IŞİD'in bir başka gelir kaynağı ise örgüte yapılan bağışlar. Özellikle iç savaşın ilk dönemlerinde bu kalem çok önemli bir role sahipti. Bağışların büyük kısmı körfez ülkelerindeki özel kuruluşlardan, özellikle de Suudi Arabistan'dan geliyordu. Deutsche Welle'ye açıklamalarda bulunan Almanya Dış Politika Derneği'nden Sebastian Sons, gelinen noktada Suudi Arabistan hükümetinin bu para akışını engellemek zorunda olduğunu anladığını belirtiyor ve ekliyor: "Ancak, Suudiler şu ana dek özel çevrelerden, derneklerden ve vakıflardan IŞİD'e para akışını durdurabilmiş değil. 11 Eylül 2001'den sonra tedbirleri arttırmış ve giderek iyileştirmiş olsalar da."

Hava saldırıları ile birlikte Suriye ve Irak ordularının artan baskısı IŞİD'i daha da köşeye sıkıştırıyor. Hâkim olduğu bölge ne kadar küçülürse, fidye, insan ve uyuşturucu ticaretinden elde ettiği geliri de aynı oranda azalacak.

IŞİD'in mali yapısına askeri olmayan yöntemlerle de darbe vuruluyor.

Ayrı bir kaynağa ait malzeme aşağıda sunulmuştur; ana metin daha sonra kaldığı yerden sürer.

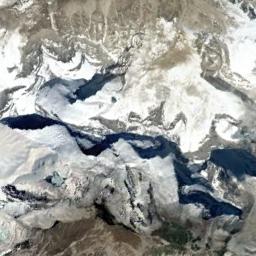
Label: snowberg
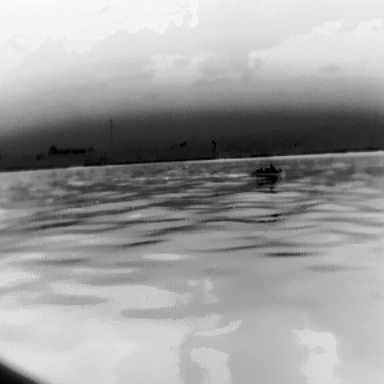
There is a warship in the infrared image.
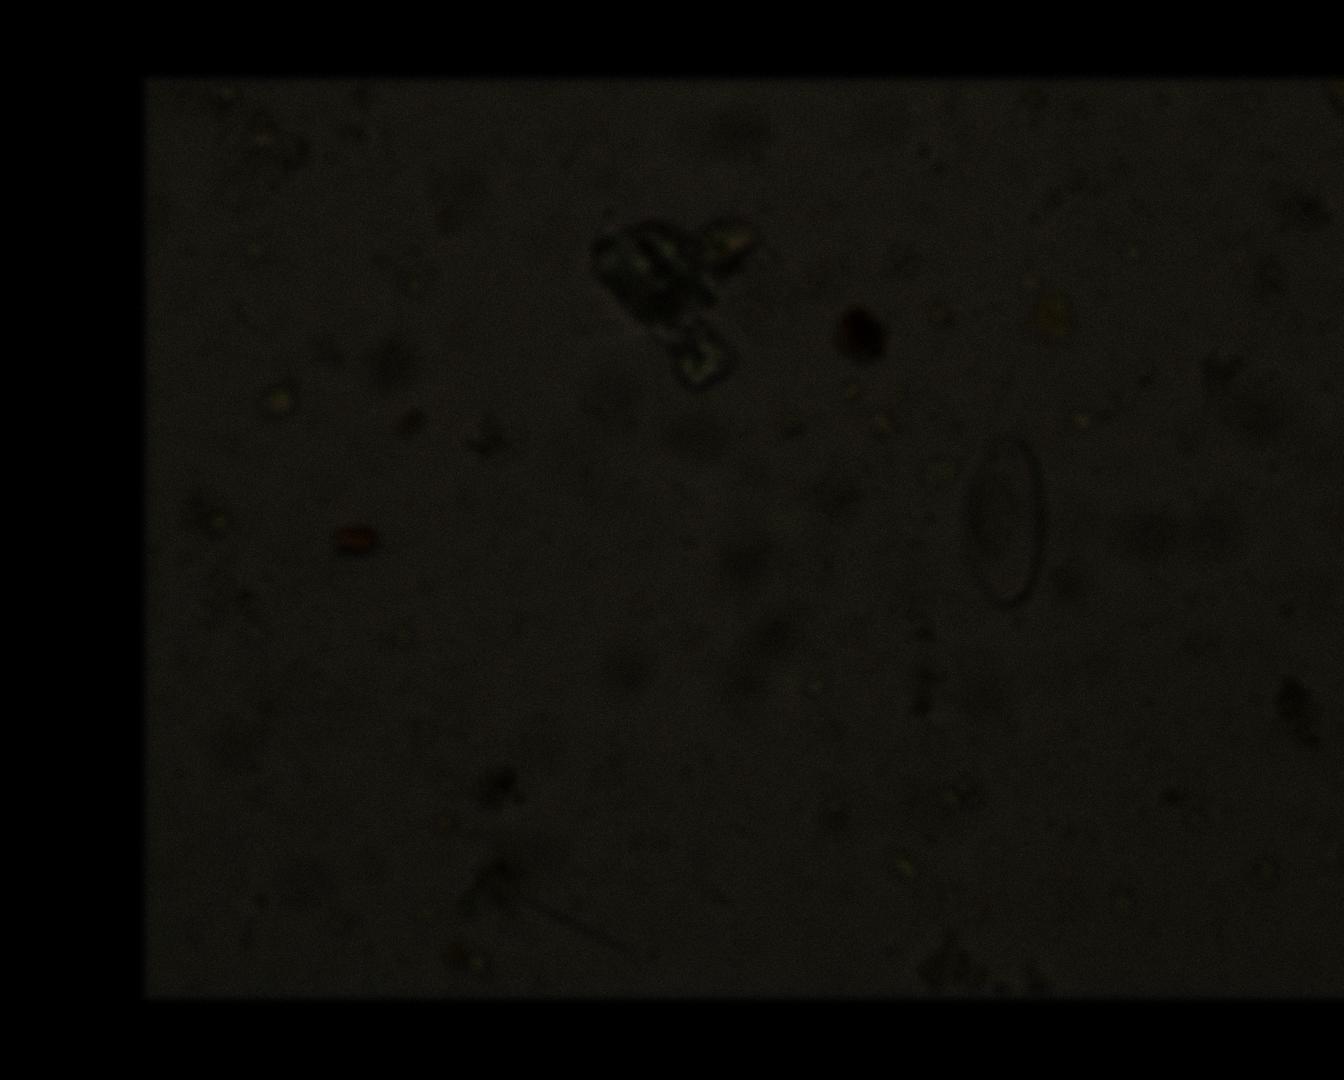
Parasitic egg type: Enterobius vermicularis
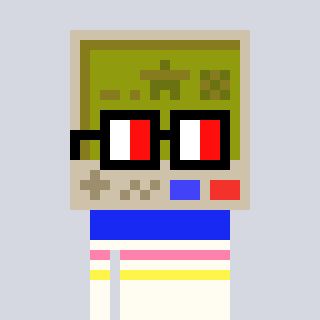
a pixel art character with square glasses with black frames and red eyes, a gameboy-shaped head and a grayscale-colored body on a cool background

Örneğin Irak, IŞİD bölgesindeki bankalarına uluslararası bankacılık işlemleri yapma yasağı getirdi. Ayrıca Irak devleti, IŞİD topraklarındaki çalışanlarına maaş ödemeyi kesmiş durumda. Irak bir süre öncesine dek bu personeline ayda yaklaşık 170 milyon dolar ödüyor, IŞİD de bunun yüzde 10'unu vergi olarak kesiyordu.

Bunlara ek olarak IŞİD ile ilişki içinde olduğu belirlenen kişi ve kurumlar uluslararası kara listelere alınıyor. Listedeki bu isimlerin de banka faaliyetlerinde bulunmaları engeleniyor.

Yarıya düşürülen maaşlar

IŞİD tüm bu önlemlere karşı kendi tedbirlerini uygulamaya sokmuş durumda. New York Times'ın haberine göre örgüt, savaşçılarının maaşlarını yarı yarıya azaltmış durumda.

IŞİD gücünü kaybediyor olsa da Almanya Mainz Üniversitesi'nden Ortadoğu Uzmanı Günter Meyer'e göre henüz yenilmiş değil. Zira IŞİD'in bir süre önce binlerce militanını Suriye'den Libya'ya kaydırdığı biliniyor. Meyer, Libya'nın iflas etmiş bir ülke olduğunu ve IŞİD'in geleceğini burada gördüğünü ifade ederek, Suriye ve Irak'ta yaşayacağı olası bir mağlubiyetin örgütün sonu anlamına gelmeyeceğini ve kısmen de olsa belli bir hareket alanına sahip olduğunu vurguluyor ve ekliyor: "Kısacası şu an ne IŞİD'in İslam ülkelerinde tamamen kökünün kazınması sözkonusu ne de Avrupa'daki terör tehlikesinin azalmış olması."